Beitrag von EmilyStrange » 05.11.2019, 11:52

Efendi II hat geschrieben:
01.11.2019, 20:35
sita hat geschrieben:
01.11.2019, 18:56
2011 versprach Kanzlerin Angela Merkel den Bürgern, dass die EEG-Umlage nicht über 3,5 Cent/kWh steigen werde. Heute beträgt sie 6,88 Cent – Tendenz weiter steigend. Wirtschaftsminister Peter Altmaier war der Vater der Strompreisbremse, die im Jahre 2013 eingeführt wurde. Den Strompreis hat sie nicht gebremst, er verdoppelte sich von 14 Cent pro KWH im Jahre 2000 auf 30.5 Cent im Jahr 2019, Tendenz steigend. Grüne Politiker versprachen den Wachstumsmotor Arbeitsmarkt und eine Million Arbeitsplätze in der Ökoenergiebranche. Entstanden sind viele Arbeitsplätze – in China. Peter Altmaier erklärt heute zum Kohleausstieg: „Die Versorgungssicherheit ist gewährleistet.“ Er weiß es besser und sollte uns nicht anlügen.
Nach Dänemark hat Deutschland die höchsten Energiepreise in der EU. Doppelt so
teuer wie in Polen und dreimal so teuer wie in Ungarn.
https://www.solarify.eu/2019/08/11/122- ... ompreisen/

Diese beiden Länder verfügen noch über andere Vergünstigungen, wovon man in
Deutschland nur träumen kann. So brauchen z.B. über 65jährige in Polen in dem
Städtischen Nahverkehr nichts zu zahlen. In Ungarn ist für diesen Personenkreis
sogar die Nutzung für den gesamten öffentlichen Verkehr (Eisenbahn, Busse und
Bahnen) in der 2.Klasse freigegeben. Es müssen lediglich die eventuellen Zuschläge
für D- oder IC-Züge gezahlt werden. Das gilt dort auch für ausländische Besucher.

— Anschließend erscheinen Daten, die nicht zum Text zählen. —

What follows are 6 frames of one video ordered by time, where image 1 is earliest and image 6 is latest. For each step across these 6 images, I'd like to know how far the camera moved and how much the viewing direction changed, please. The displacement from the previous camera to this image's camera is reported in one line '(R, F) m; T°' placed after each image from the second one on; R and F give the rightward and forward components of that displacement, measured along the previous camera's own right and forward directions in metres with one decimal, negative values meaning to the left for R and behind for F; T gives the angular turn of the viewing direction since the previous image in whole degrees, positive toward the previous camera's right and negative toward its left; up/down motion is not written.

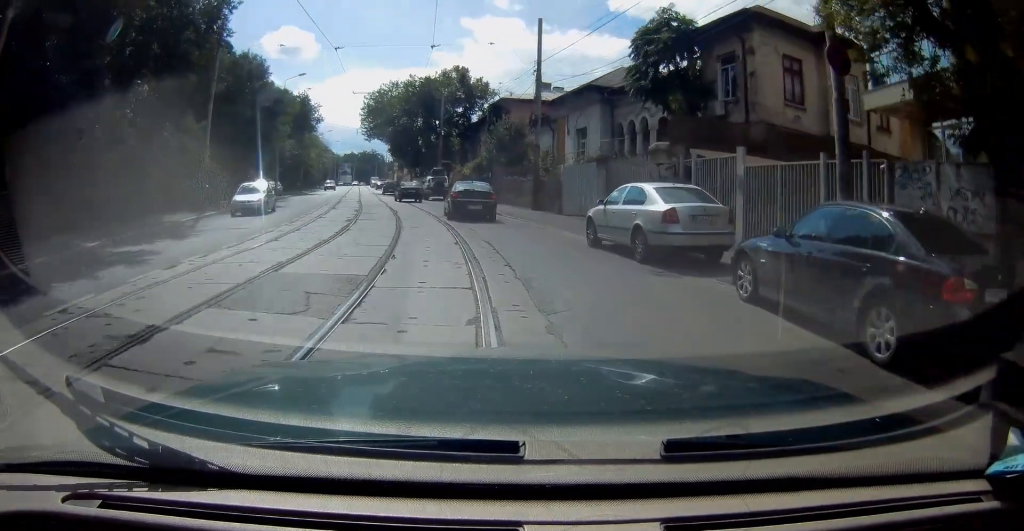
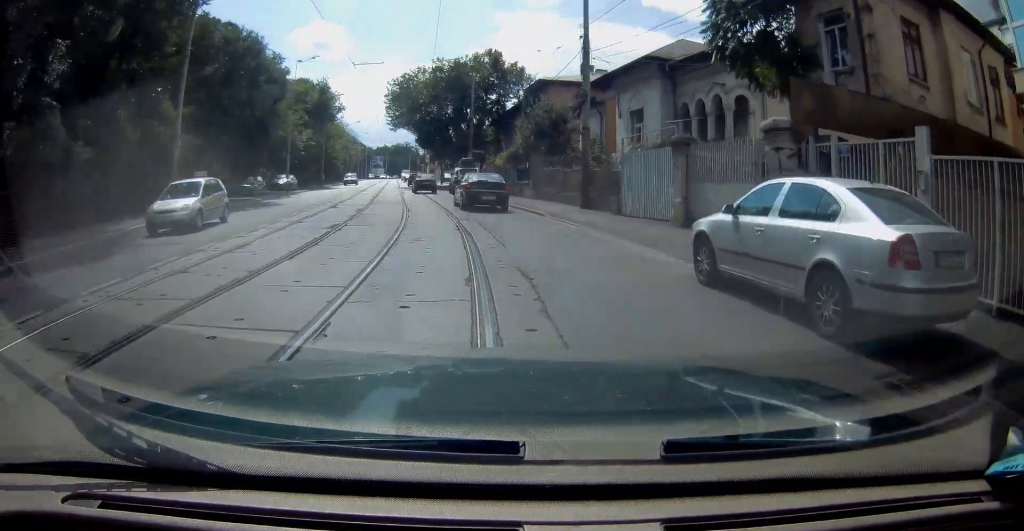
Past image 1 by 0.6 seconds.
(-0.3, +5.8) m; -3°
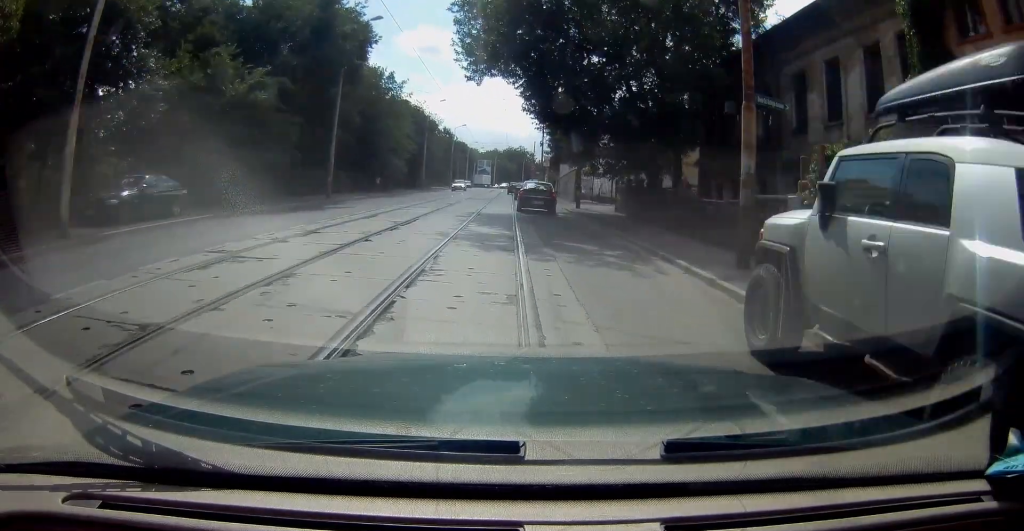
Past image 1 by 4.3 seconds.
(-5.2, +36.9) m; -13°
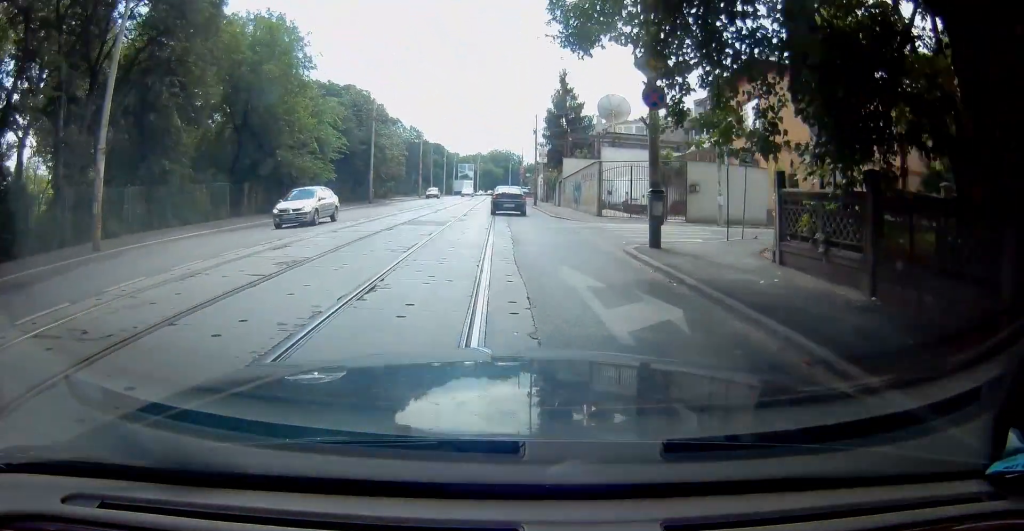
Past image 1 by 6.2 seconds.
(+0.1, +20.8) m; +1°
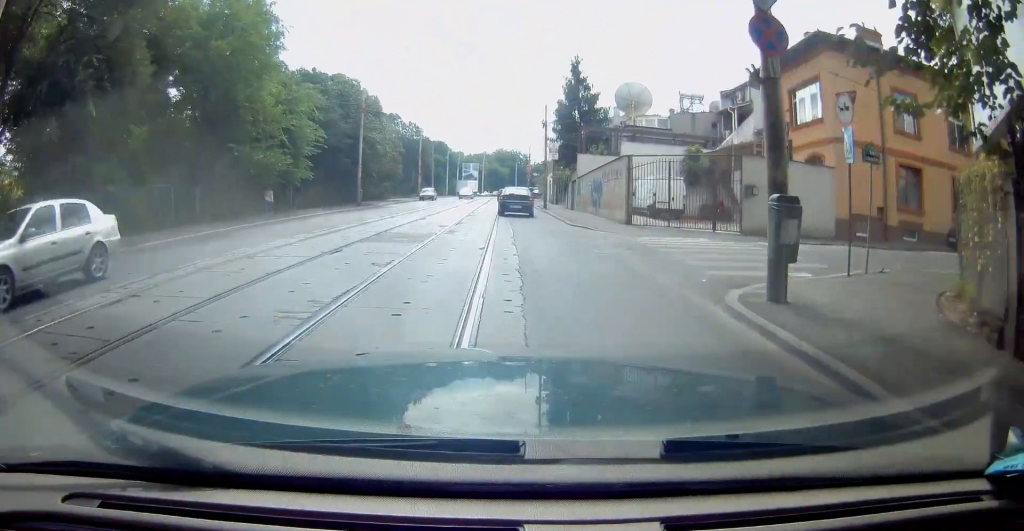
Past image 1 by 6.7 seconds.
(+0.2, +6.0) m; 0°
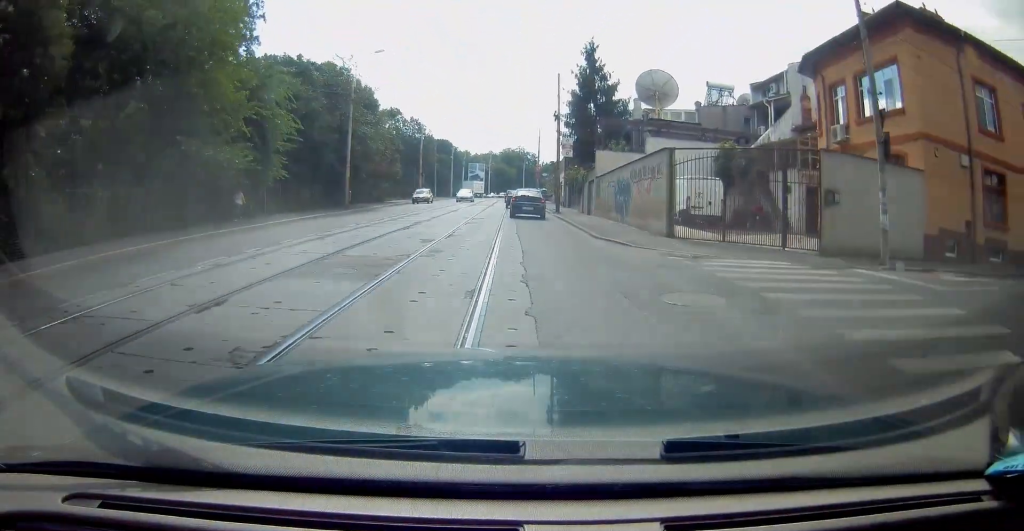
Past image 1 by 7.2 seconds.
(-0.1, +5.3) m; -1°
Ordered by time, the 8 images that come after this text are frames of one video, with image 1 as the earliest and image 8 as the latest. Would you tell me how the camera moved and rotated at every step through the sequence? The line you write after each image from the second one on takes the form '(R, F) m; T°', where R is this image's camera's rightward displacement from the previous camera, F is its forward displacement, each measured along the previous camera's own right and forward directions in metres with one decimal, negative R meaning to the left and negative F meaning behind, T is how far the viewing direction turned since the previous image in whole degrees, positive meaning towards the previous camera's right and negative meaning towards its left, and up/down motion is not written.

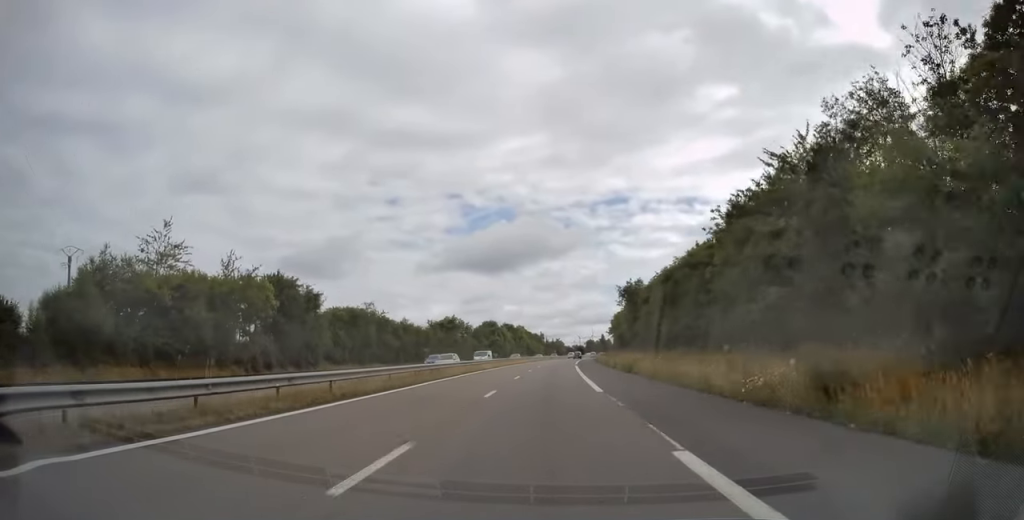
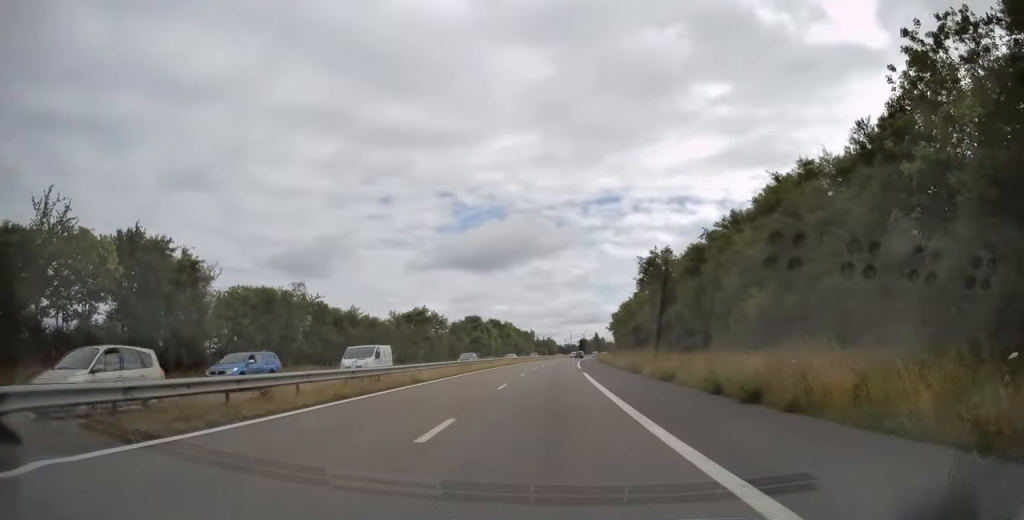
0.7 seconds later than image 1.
(+0.2, +22.7) m; +1°
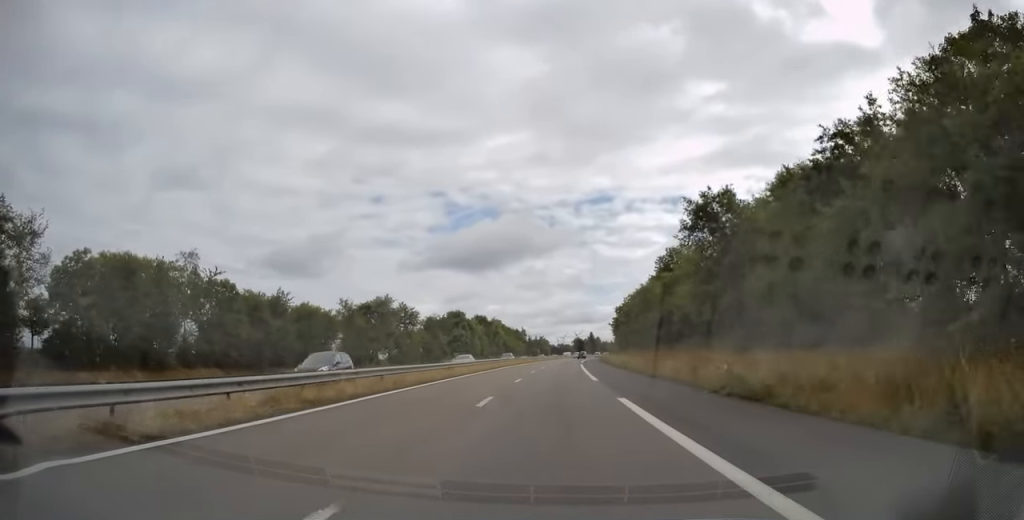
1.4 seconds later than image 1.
(0.0, +20.1) m; 0°
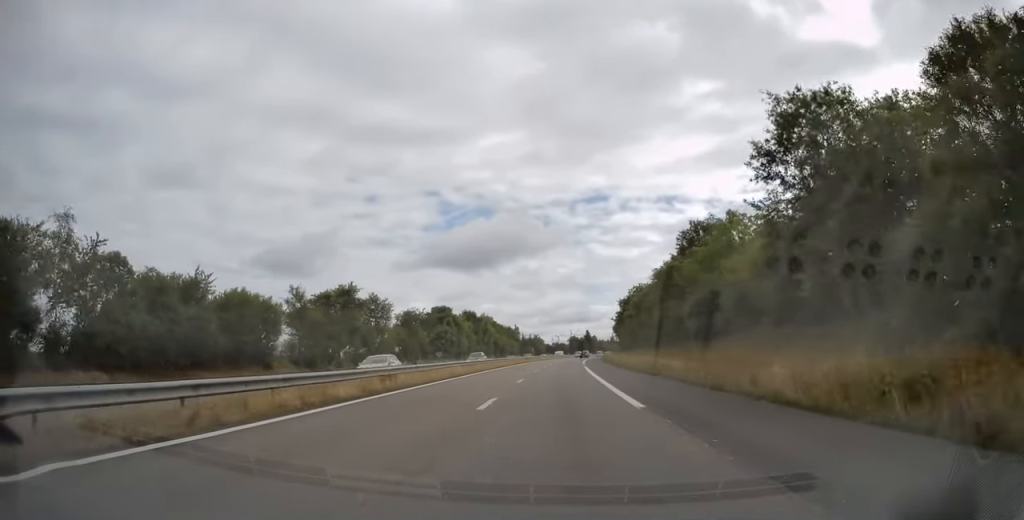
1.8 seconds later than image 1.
(+0.1, +14.0) m; +1°
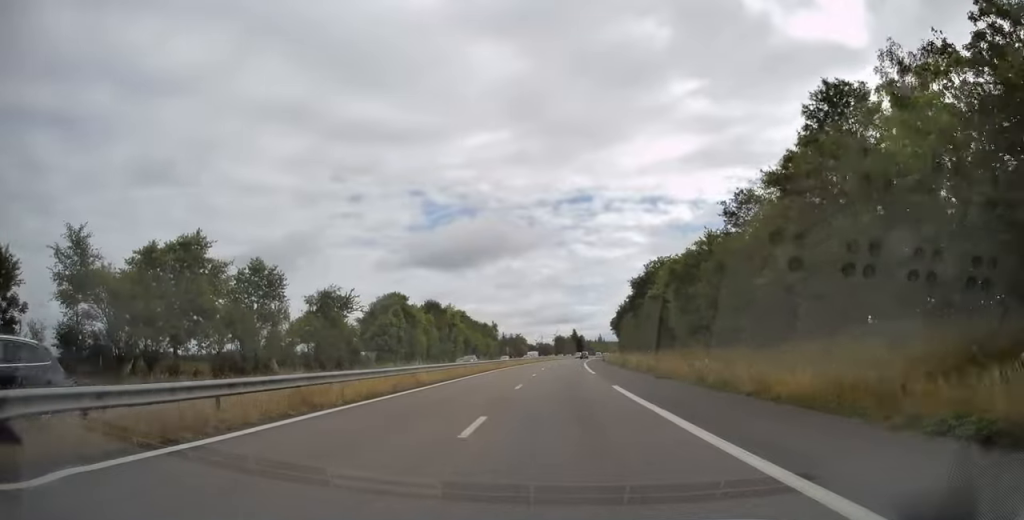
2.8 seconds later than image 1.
(+0.3, +31.0) m; +2°
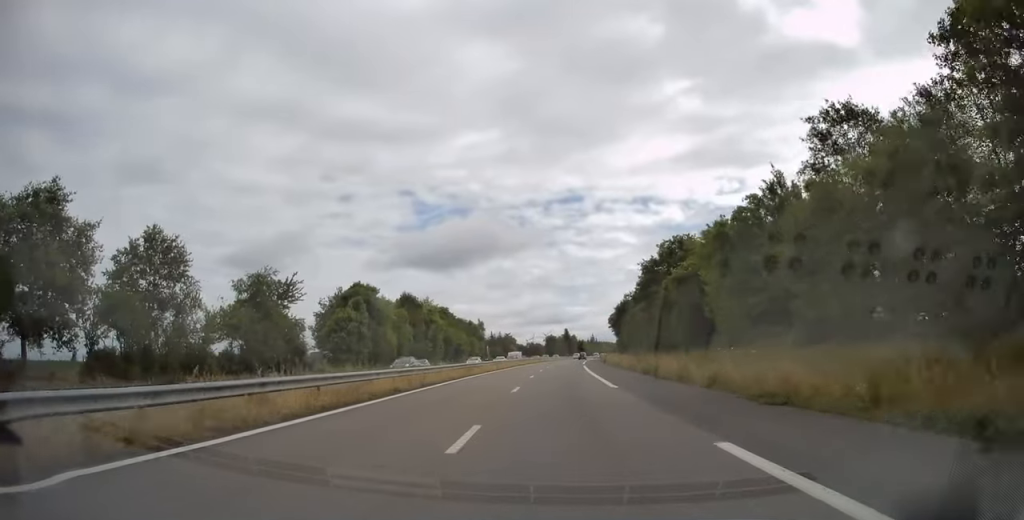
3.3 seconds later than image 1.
(0.0, +14.5) m; +1°
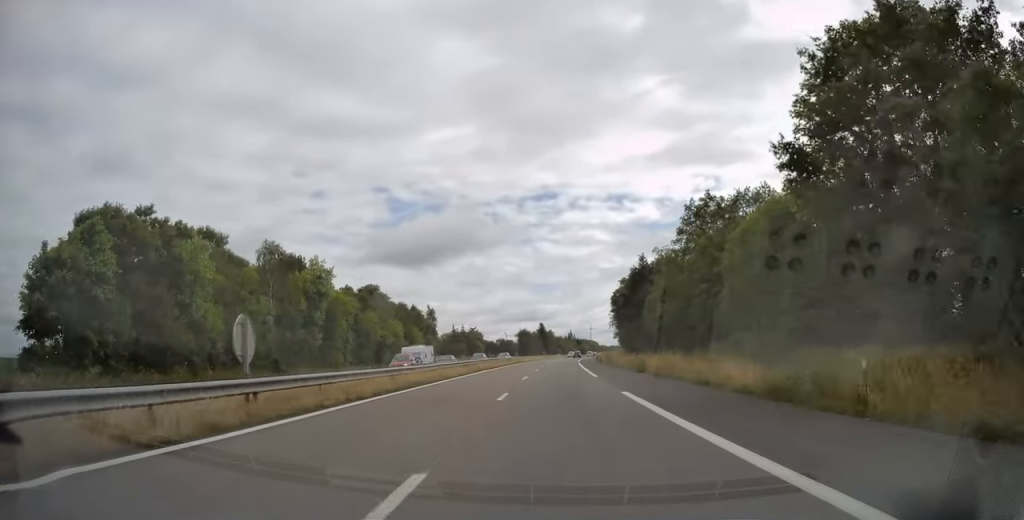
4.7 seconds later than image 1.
(+1.1, +43.4) m; +2°
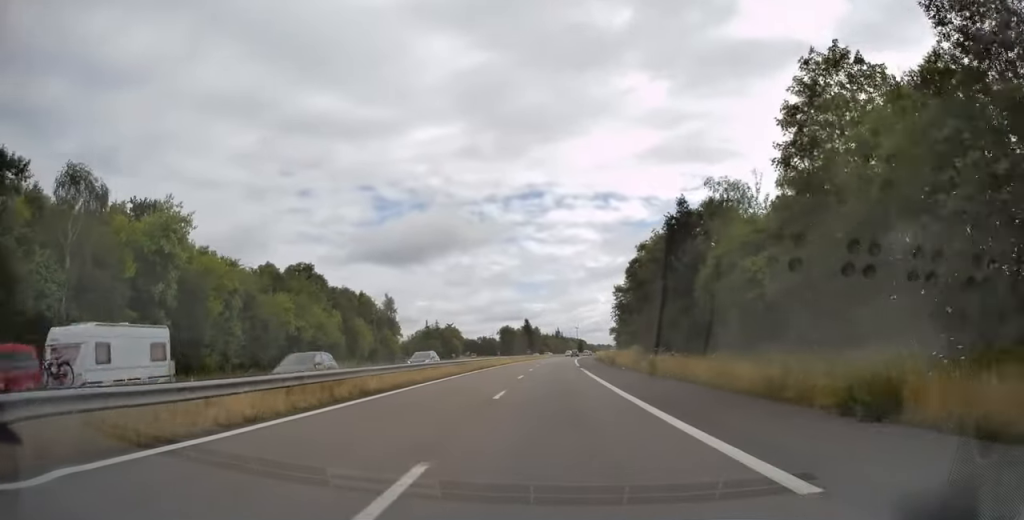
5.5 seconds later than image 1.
(-0.1, +25.9) m; +1°

Die haben allerdings auch keine kostenintensiven "Flüchtlinge" aus aller Welt und
nutzen das Geld lieber für die eigene Bevölkerung. Deshalb kann man dort auch zu
jeder Zeit in den Straßen und Parks gefahrlos spazieren gehen.
In Hessen zahlen Rentner künftig 365 Euro im Jahr für den ÖPNV - also so ein paar Kuchenkrümel bekommt der Pöbel hier schon

Fraglich nur, ob ich als 80jährige Frau / 80 jähriger Mann so scharf auf Bus und Bahn bin, nach den ganzen Schubsereien, Unfällen, Vor-die-Bahn-Fallereien, Rangeleien und sonstigen Vorkomnissen.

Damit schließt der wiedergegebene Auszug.